Türk'ten Erdoğan'a yanıt

Türk'ten Erdoğan'a yanıt

ANKARA (ANKA) –DTP Genel Başkanı Ahmet Türk, Başbakan Erdoğan'ın son günlerdeki söylemlerini "takke düştü kel göründü" olarak değerlendirirken "bizi terbiye edemezsiniz gelin birlikte demokrasiyi geliştirelim" diye konuştu. Özgürlüğü, demokrasiyi savunmanın bir bedeli olduğunu kaydeden Türk, bu bedeli ödemeye devam edeceklerini kaydetti.
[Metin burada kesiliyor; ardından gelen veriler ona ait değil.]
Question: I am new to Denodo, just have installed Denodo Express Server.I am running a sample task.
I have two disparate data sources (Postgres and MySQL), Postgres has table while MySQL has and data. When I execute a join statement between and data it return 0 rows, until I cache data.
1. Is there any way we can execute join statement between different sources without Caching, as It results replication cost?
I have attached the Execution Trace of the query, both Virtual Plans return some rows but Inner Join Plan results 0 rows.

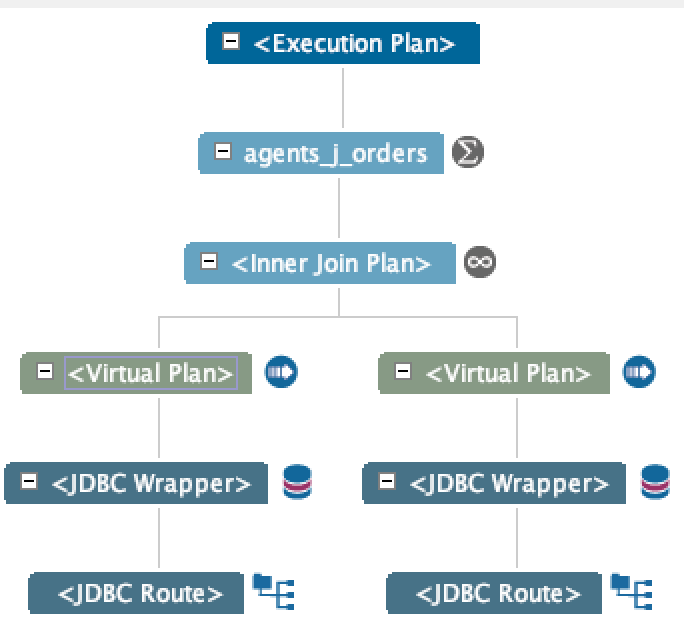
Answer: I guess you are joining field. May be in your text field there is space before and after field or In-between tow word.
You can use 'trim()' for both side before joining OR Try to remove all space from your string and Join.
I am just Guessing because you didn't provide join condition.
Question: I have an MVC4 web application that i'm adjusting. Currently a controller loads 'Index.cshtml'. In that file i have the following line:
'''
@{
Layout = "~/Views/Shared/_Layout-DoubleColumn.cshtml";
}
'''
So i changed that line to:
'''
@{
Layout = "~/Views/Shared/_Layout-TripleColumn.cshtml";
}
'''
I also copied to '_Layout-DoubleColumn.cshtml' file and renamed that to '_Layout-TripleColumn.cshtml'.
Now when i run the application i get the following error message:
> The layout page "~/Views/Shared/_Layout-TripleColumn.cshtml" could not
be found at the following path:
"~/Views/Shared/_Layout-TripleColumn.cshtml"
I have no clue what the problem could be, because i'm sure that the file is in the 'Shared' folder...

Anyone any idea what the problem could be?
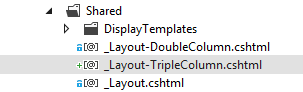
Answer: Make sure the Build Action of the file is set to Content in the properties of the View.
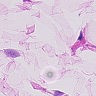
Metastatic tissue present: no
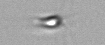
Label: Calciopappus
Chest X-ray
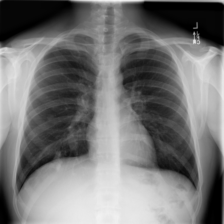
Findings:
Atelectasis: negative
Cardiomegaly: negative
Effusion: negative
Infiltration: negative
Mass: positive
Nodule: positive
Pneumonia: negative
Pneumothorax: negative
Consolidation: negative
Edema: negative
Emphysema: negative
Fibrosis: negative
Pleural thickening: negative
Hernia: negative
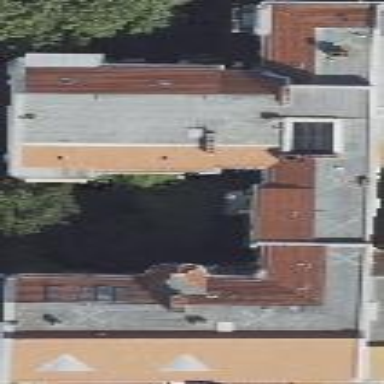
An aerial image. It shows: Apartments building with double saltbox roof made of roof tiles.
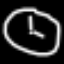
Label: clock
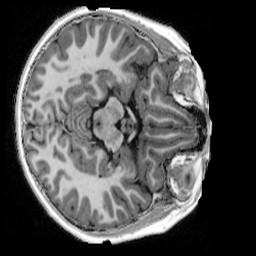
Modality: UNIT1_denoised
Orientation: axial
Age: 9
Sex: male
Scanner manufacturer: siemens
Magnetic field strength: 3 T
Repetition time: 4 s
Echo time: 0.00303 s

DTP Genel Başkanı Ahmet Türk, partisinin Meclis grup toplantısında son siyasi ve ekonomik gelişmeleri değerlendirdi. Konuşmasına, 70'nci ölüm yıldönümünde Mustafa Kemal Atatürk'le ilgili değerlendirme yaparak başlayan Türk, Atatürk'ün yaşadığı dönemin bilimini rehber edinerek, Türkiye'yi çağdaş bir noktaya getirmek istediğini söyledi. Atatürk'ün tabulaştırılmaması gerektiğini kaydeden Türk, "bütün kuşatılmışlığına rağmen, ölmeden kısa bir süre önce, iç barışı ve uzlaşıyı gerçekleştirmek için 1938 Genel Affını ilan etmiştir. Ötekileştirilen, cezalandırılan, hapsedilen bütün muhalifleri, bütün kesimleri, Cumhuriyetle barıştırmak için, büyük bir iç uzlaşı hamlesi başlatmıştır" dedi. Mustafa filmiyle ilgili de değerlendirmede bulunan Ahmet Türk, Atatürk'ün "peygamberleştirilmemesi" gerektiğini ifade ederek "Mustafa Kemal eğer bir peygamber olmayı kafasına koysaydı, sistemi değiştirmeden, hilafeti kaldırmadan, halife olma mantığını sürdürürdü. 70'inci yıldönümünde Mustafa Kemal'i en anlamlı şekilde anmak, Cumhuriyeti demokrasi ve çoğulculukla buluşturmak anlamında değerli olabilir. Bu vesileyle, hakkındaki tüm belge ve bilgilerin kamuoyu ile paylaşılması gerekir. Bir an önce, Cumhuriyetin demokratikleştirilmesi için, Mustafa Kemal'i, kendisinin yegane sahibi olduğunu söyleyen statükocu azınlığın elinden kurtarılması şarttır. Gençlerimizi, demokratik kamuoyunu, statükonun Kemalizm tekeline ve rantçılığına son vermek için, Mustafa Kemal'in kendisine rehber ettiği bilimle anlamaya ve kavramaya davet ediyorum. "diye konuştu.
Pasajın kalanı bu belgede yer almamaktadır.